* _Problem to solve_
Go through the data underneath and report how many lines hold the string "fill", giving only the number.

* _Given data_
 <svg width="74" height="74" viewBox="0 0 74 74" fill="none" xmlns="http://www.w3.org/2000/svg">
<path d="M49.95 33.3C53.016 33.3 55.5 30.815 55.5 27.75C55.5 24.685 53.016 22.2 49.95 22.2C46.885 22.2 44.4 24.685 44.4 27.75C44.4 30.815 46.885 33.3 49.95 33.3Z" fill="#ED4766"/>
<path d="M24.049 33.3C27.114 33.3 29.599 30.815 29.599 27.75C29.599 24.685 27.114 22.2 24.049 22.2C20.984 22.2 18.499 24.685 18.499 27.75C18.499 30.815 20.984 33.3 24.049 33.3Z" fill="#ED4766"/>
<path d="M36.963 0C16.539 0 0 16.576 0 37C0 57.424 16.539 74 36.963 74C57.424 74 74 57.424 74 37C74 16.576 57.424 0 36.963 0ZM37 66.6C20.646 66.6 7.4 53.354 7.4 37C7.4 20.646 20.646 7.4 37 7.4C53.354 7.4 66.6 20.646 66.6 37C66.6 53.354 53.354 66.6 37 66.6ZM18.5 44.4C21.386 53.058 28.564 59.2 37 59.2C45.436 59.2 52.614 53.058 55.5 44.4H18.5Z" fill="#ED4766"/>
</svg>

* _Output below_
4